=== Task prompt ===
Word for word, write out all the entries below, omitting every picture.
---------- Records shown ----------
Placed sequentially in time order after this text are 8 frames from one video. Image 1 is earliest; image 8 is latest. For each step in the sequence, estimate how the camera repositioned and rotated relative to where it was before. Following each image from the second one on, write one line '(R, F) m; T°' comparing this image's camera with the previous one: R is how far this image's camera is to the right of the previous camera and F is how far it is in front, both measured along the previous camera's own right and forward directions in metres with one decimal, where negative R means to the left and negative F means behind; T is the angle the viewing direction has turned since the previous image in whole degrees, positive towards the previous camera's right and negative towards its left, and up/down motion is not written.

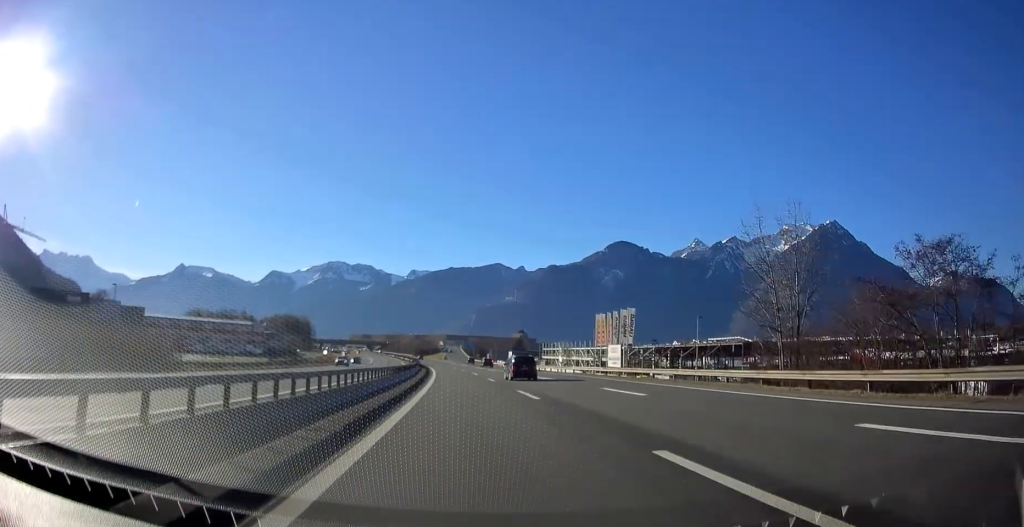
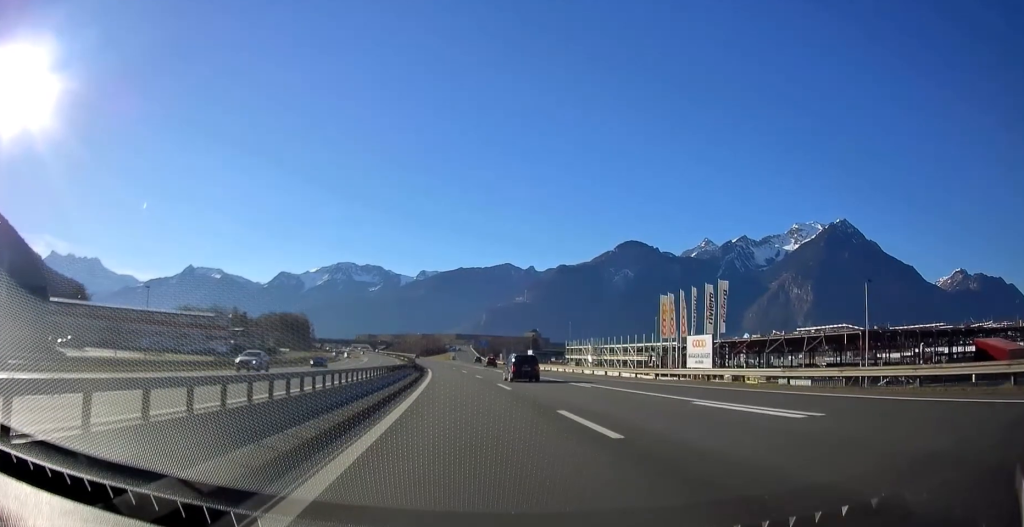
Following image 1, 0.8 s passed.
(-0.3, +28.4) m; -1°
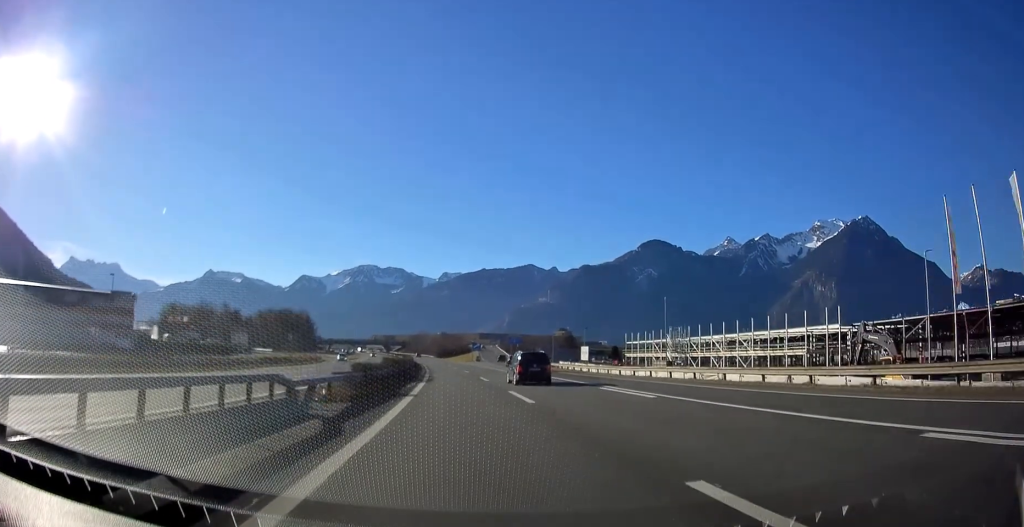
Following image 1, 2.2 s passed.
(-0.7, +46.3) m; -2°
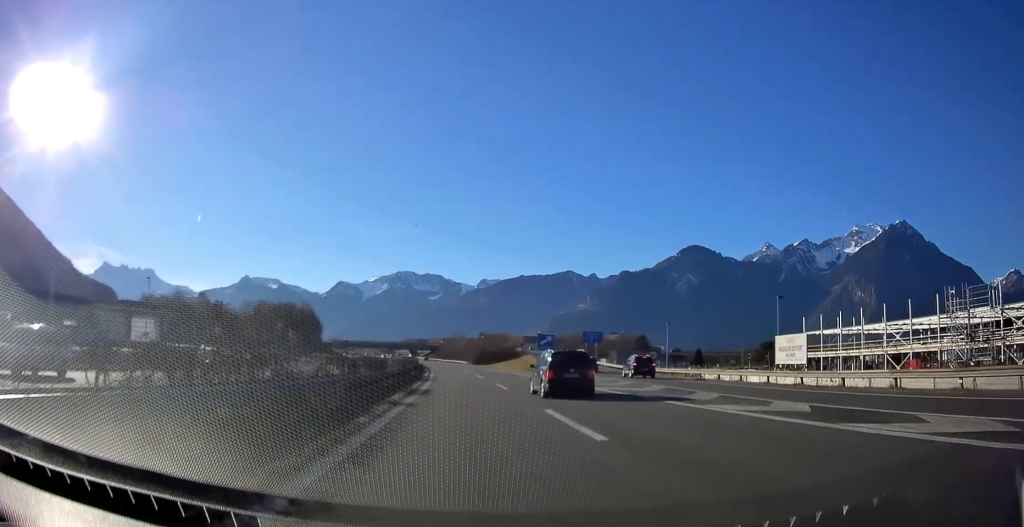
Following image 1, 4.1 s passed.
(-1.5, +64.0) m; -3°
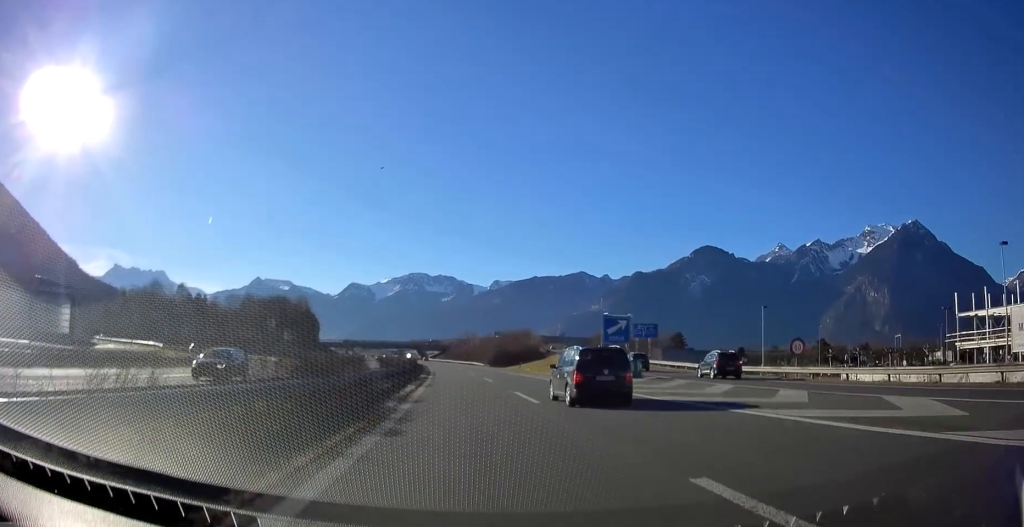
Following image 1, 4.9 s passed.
(-0.6, +28.1) m; -1°
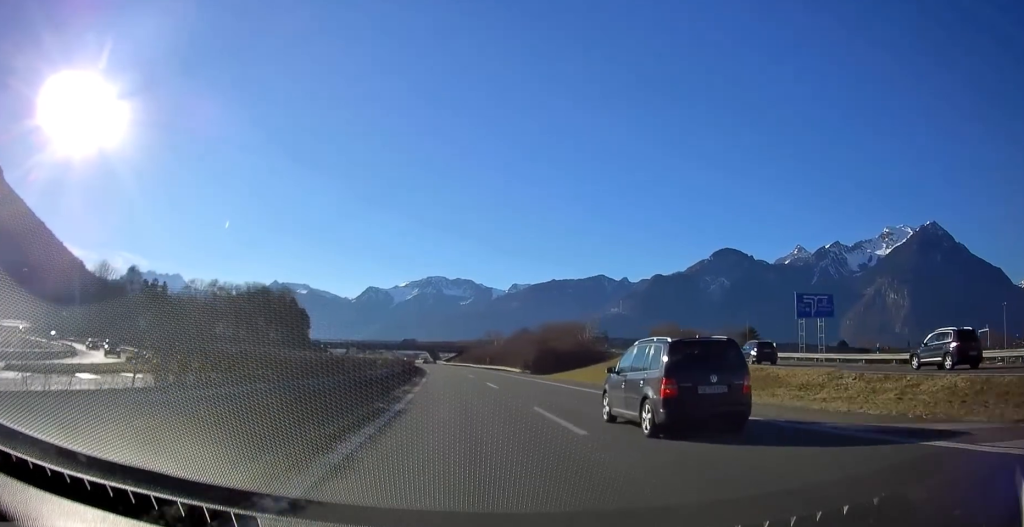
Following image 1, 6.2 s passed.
(-0.4, +43.8) m; -2°
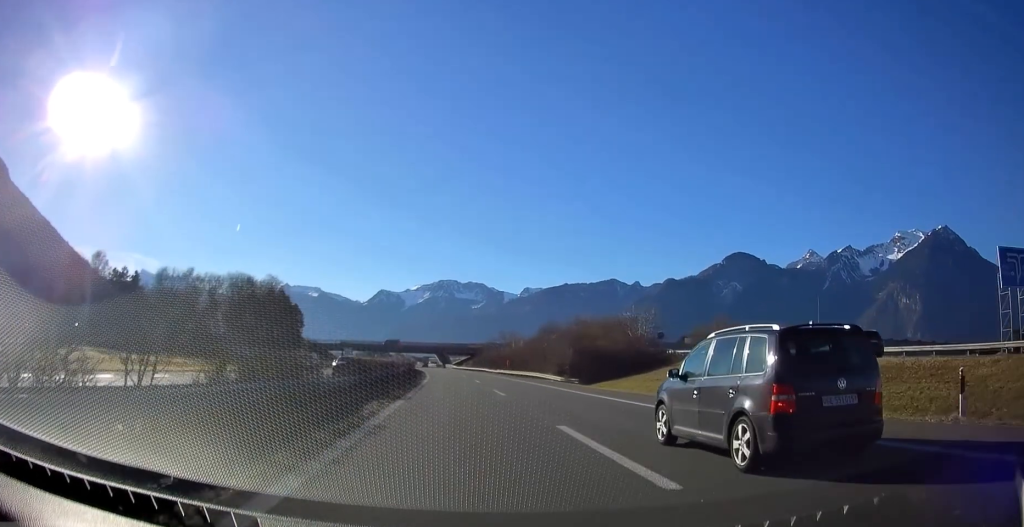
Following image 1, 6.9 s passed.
(-0.3, +23.6) m; -1°
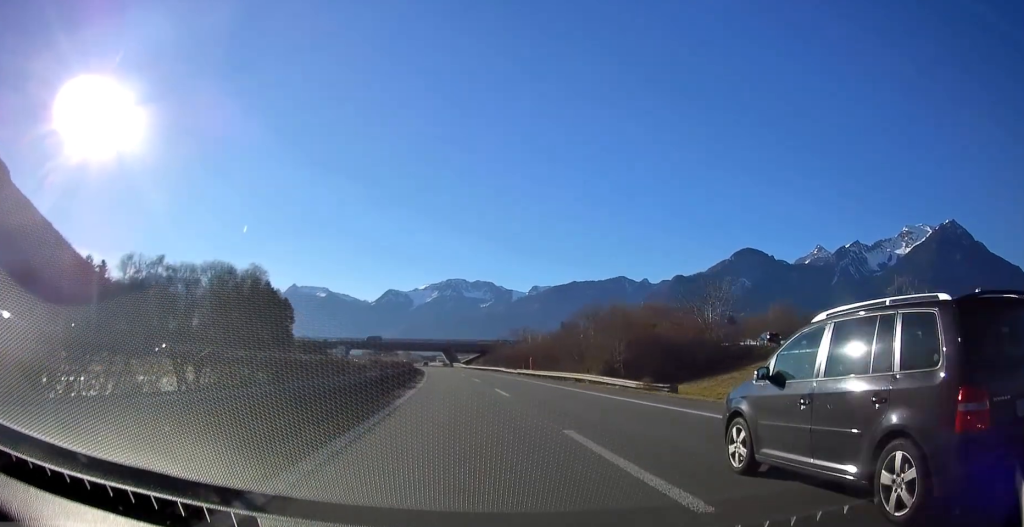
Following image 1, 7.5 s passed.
(-0.3, +20.3) m; -1°
----------
=== Answer box ===
Placed sequentially in time order after this text are 8 frames from one video. Image 1 is earliest; image 8 is latest. For each step in the sequence, estimate how the camera repositioned and rotated relative to where it was before. Following each image from the second one on, write one line '(R, F) m; T°' comparing this image's camera with the previous one: R is how far this image's camera is to the right of the previous camera and F is how far it is in front, both measured along the previous camera's own right and forward directions in metres with one decimal, where negative R means to the left and negative F means behind; T is the angle the viewing direction has turned since the previous image in whole degrees, positive towards the previous camera's right and negative towards its left, and up/down motion is not written.

Following image 1, 0.8 s passed.
(-0.3, +28.4) m; -1°
Following image 1, 2.2 s passed.
(-0.7, +46.3) m; -2°
Following image 1, 4.1 s passed.
(-1.5, +64.0) m; -3°
Following image 1, 4.9 s passed.
(-0.6, +28.1) m; -1°
Following image 1, 6.2 s passed.
(-0.4, +43.8) m; -2°
Following image 1, 6.9 s passed.
(-0.3, +23.6) m; -1°
Following image 1, 7.5 s passed.
(-0.3, +20.3) m; -1°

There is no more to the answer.